Segment Open

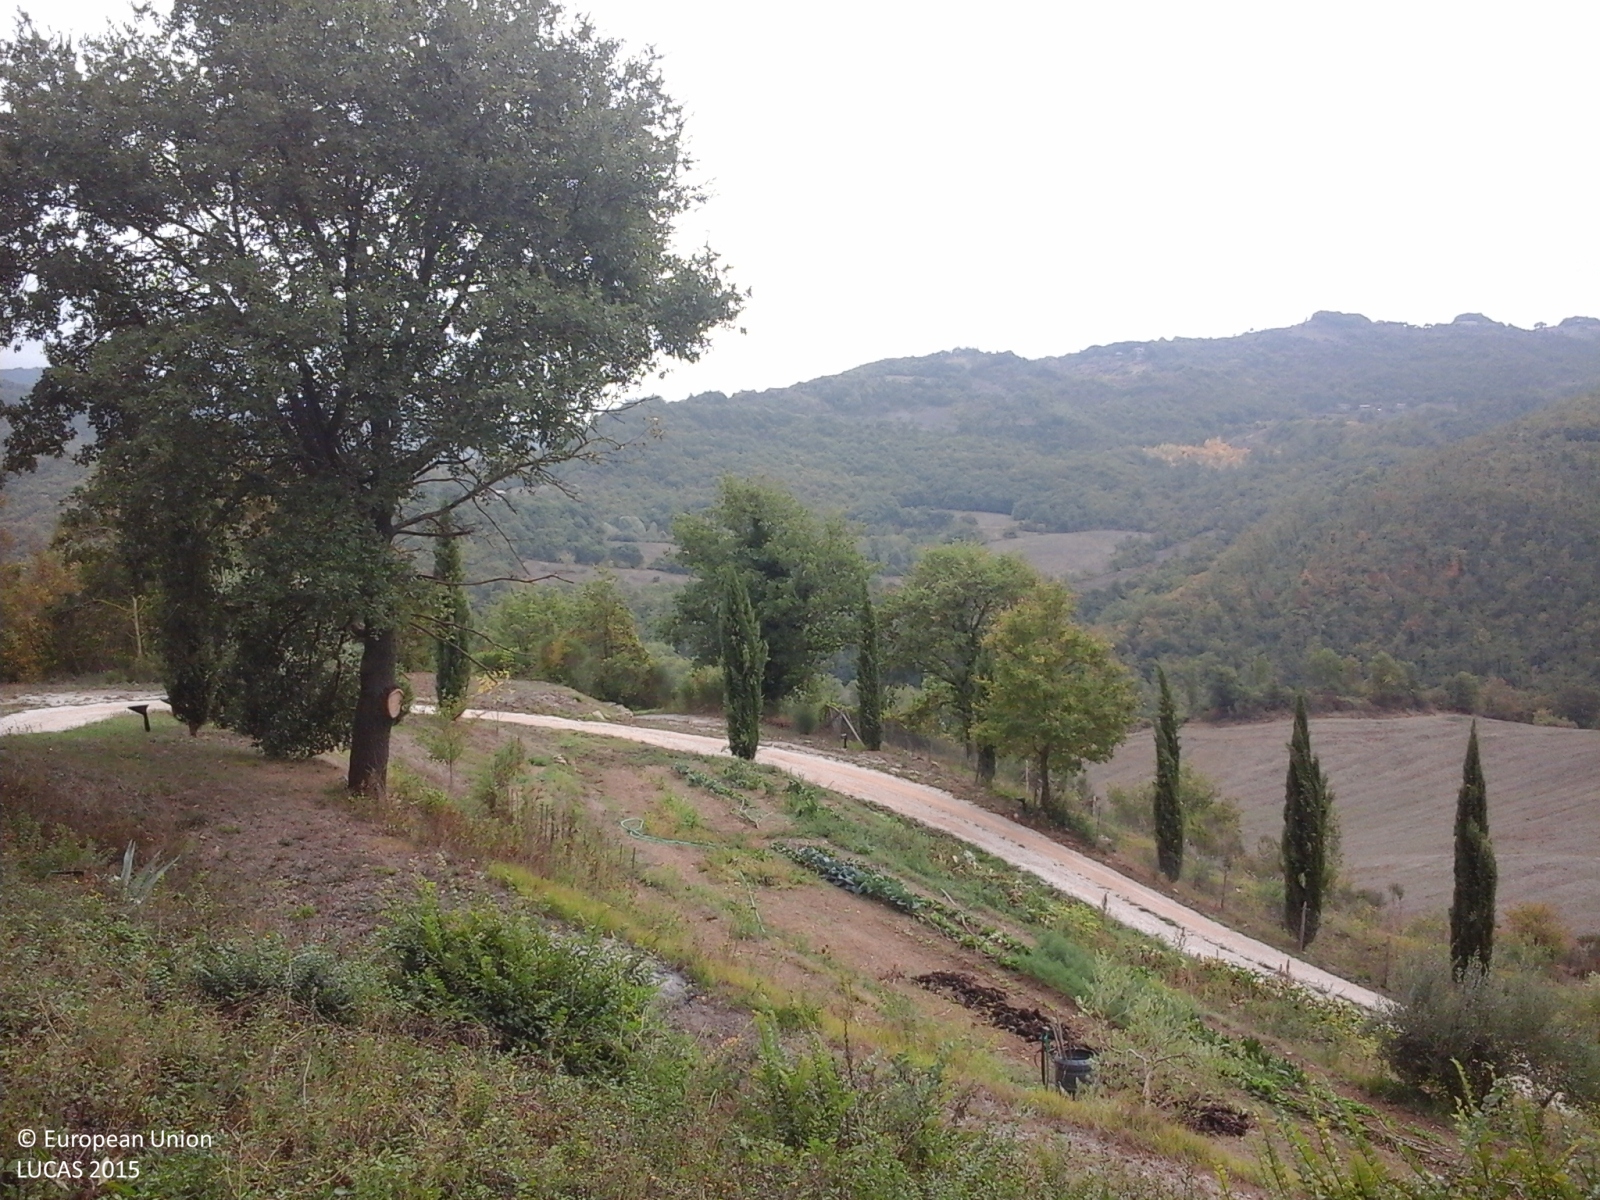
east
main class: Woodland
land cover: Broadleaved woodland
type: thermophilous deciduous forest
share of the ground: > 75 %
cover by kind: shrubs 40 %, broadleaved forest trees 35 %, herbaceous plants 25 %
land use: Forestry
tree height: < 5 m
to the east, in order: Broadleaved woodland; Lines of trees; Paved roads, cycling and walking lanes; Spontaneously vegetated surfaces; Broadleaved woodland; Tracks; Broadleaved woodland; Grassland without tree/shrub cover; Broadleaved woodland; Tracks; Other bare soil
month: October
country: IT
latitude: 43.3301
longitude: 12.3983

Segment Closed

### Exercise
Could you output the full set of entries exactly, skipping every picture?

### Your response
east
main class: Woodland
land cover: Broadleaved woodland
type: thermophilous deciduous forest
share of the ground: > 75 %
cover by kind: shrubs 40 %, broadleaved forest trees 35 %, herbaceous plants 25 %
land use: Forestry
tree height: < 5 m
to the east, in order: Broadleaved woodland; Lines of trees; Paved roads, cycling and walking lanes; Spontaneously vegetated surfaces; Broadleaved woodland; Tracks; Broadleaved woodland; Grassland without tree/shrub cover; Broadleaved woodland; Tracks; Other bare soil
month: October
country: IT
latitude: 43.3301
longitude: 12.3983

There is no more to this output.